YY2 Il plasmide Double Nickase (m) consiste in una coppia di plasmidi ingegnerizzati per l'editing ad alta specificità del locus Yy2 nelle linee cellulari mouse. Ciascun plasmide esprime una nickasi Cas9 D10A e un sgRNA distinto che prende di mira filamenti di DNA opposti all'interno di Yy2. Quando indirizzate verso siti adiacenti su filamenti di DNA opposti, le due nickasi generano tagli a filamento singolo sfalsati che insieme producono una rottura a doppio filamento sfalsata, richiedendo un'attività coordinata sul bersaglio da entrambe le guide. La rottura del DNA risultante viene risolta da vie di riparazione cellulare endogene, più comunemente attraverso la giunzione non omologa delle estremità (NHEJ), portando a inserzioni o delezioni che interrompono la funzione di Yy2. Richiedendo il coinvolgimento di due sgRNA nel locus bersaglio, l'approccio a doppia nickasi migliora la specificità dell'editing e fornisce una strategia CRISPR complementare per applicazioni in cui è desiderato un controllo aggiuntivo sulla precisione del targeting.

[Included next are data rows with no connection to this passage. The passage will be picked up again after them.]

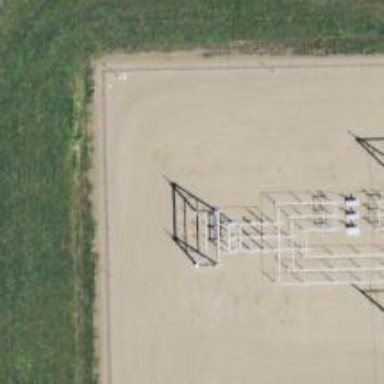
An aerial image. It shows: Switch used for power control.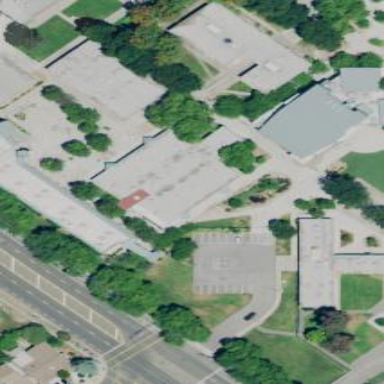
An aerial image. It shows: School building.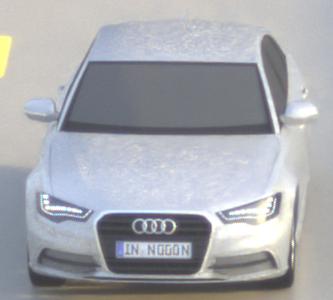
Make: Audi
Model: A6 2.0 TFSI
Detailed model: A6 (C7) Limousine
Model produced from: 2011/10
Model produced until: 2014/09
Doors: 4
Color: white
Road condition: wet road
Daytime: sunrise or sunset
Contrast: low contrast
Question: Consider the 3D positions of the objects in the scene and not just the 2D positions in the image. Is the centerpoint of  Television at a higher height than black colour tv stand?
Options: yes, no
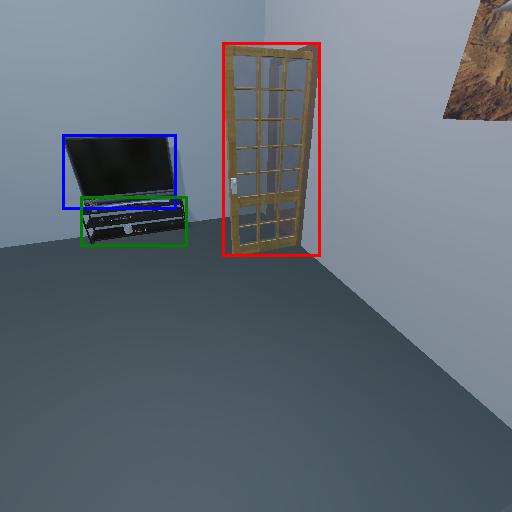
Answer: yes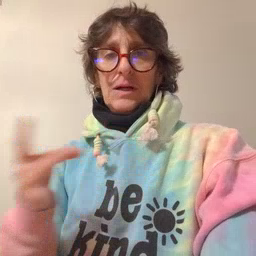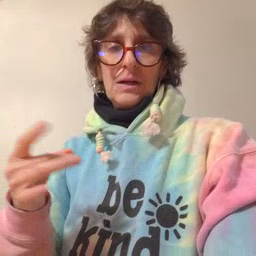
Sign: like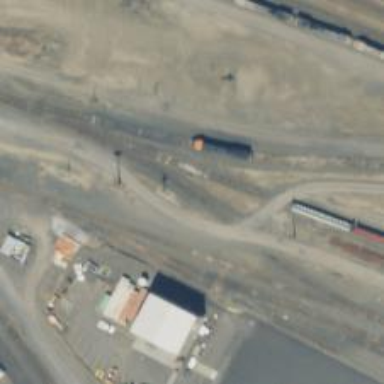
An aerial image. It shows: Railway yard used for servicing trains.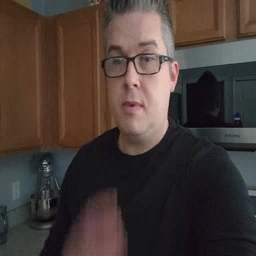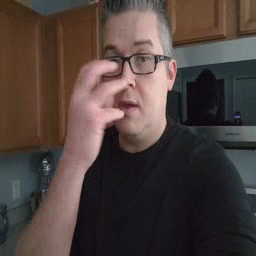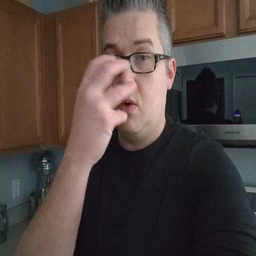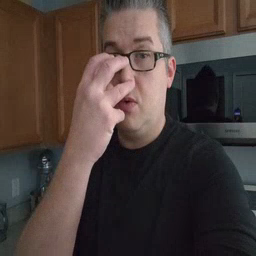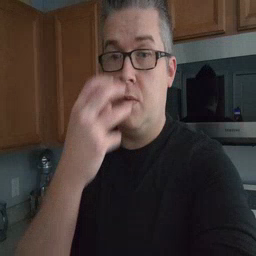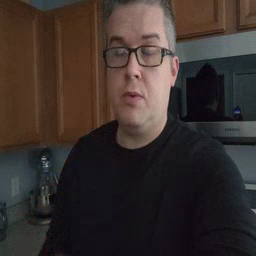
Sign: clown
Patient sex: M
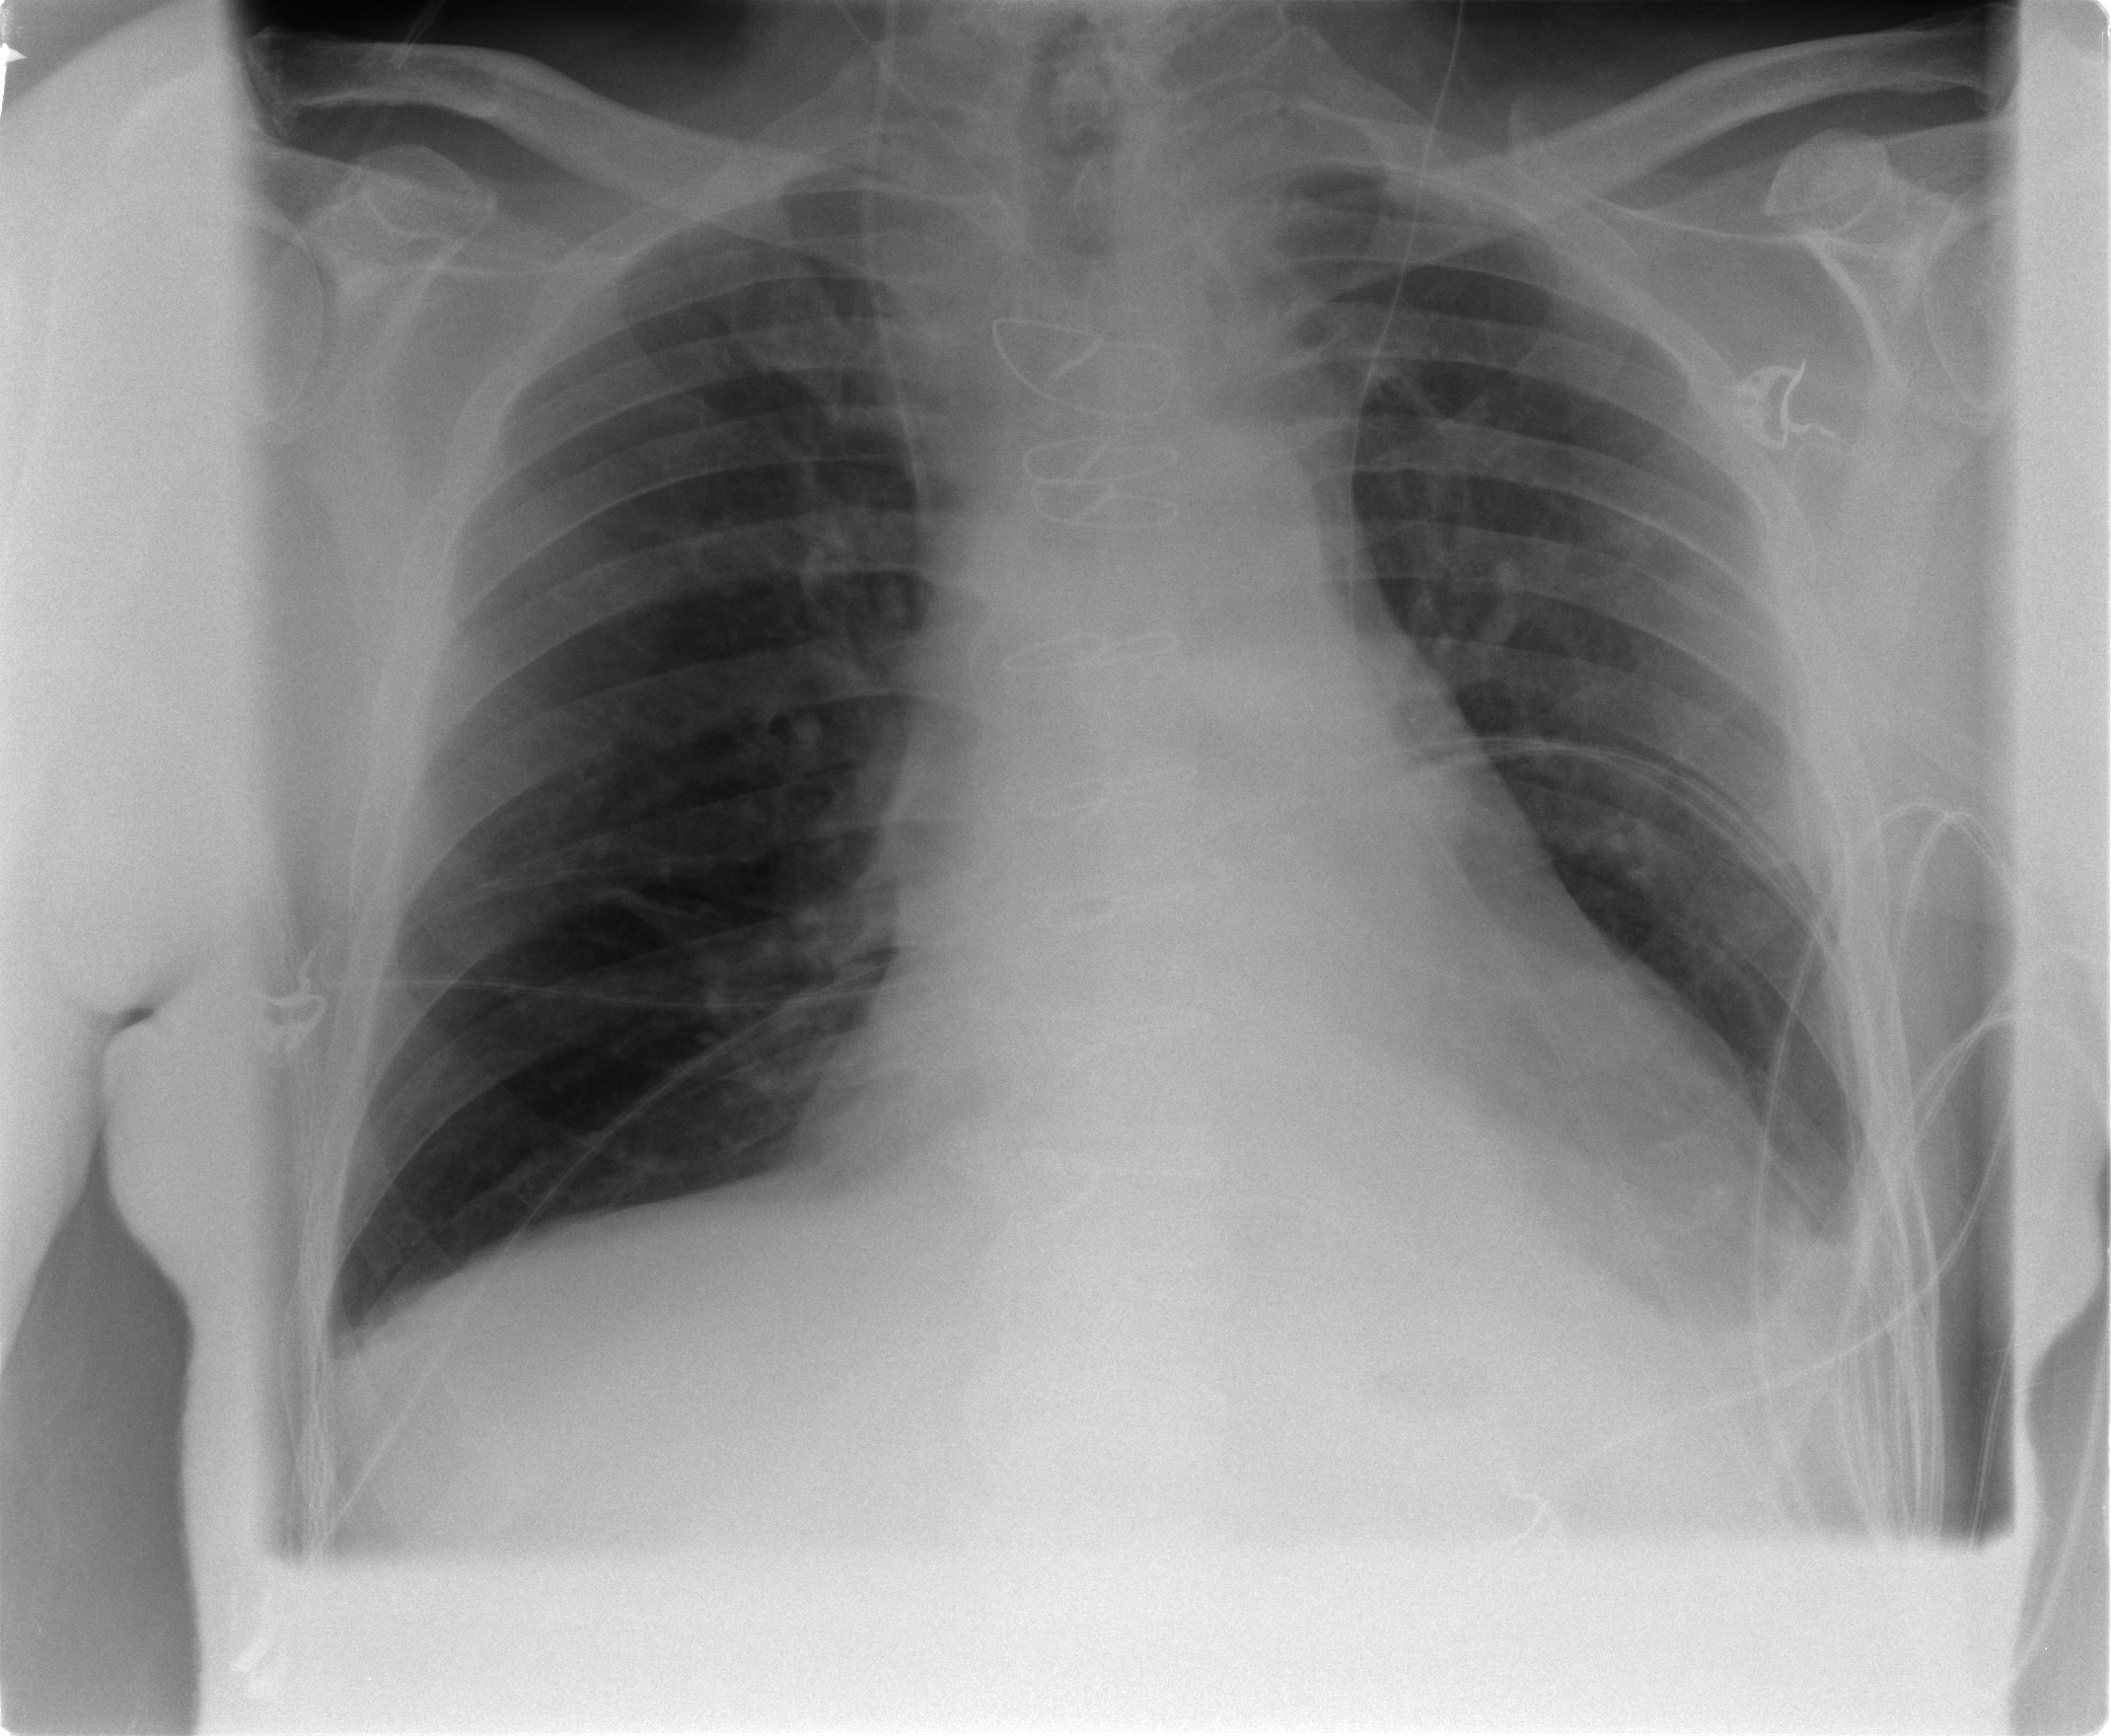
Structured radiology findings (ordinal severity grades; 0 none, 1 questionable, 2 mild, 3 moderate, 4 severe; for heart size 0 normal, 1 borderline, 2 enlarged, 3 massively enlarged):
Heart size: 2
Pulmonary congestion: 2
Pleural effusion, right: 1
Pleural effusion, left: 1
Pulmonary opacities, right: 0
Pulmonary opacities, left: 0
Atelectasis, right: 0
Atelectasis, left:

Per supportare l'identificazione efficiente delle cellule modificate, un plasmide codifica la GFP per la visualizzazione fluorescente delle popolazioni trasfettate, mentre il plasmide di accompagnamento porta un gene di resistenza alla puromicina per la selezione antibiotica. Insieme, queste caratteristiche supportano l'arricchimento efficiente delle popolazioni co-trasfettate e semplificano la convalida dei cloni con Yy2 interrotto.
Solo per uso di ricerca. Non destinato a uso diagnostico o terapeutico.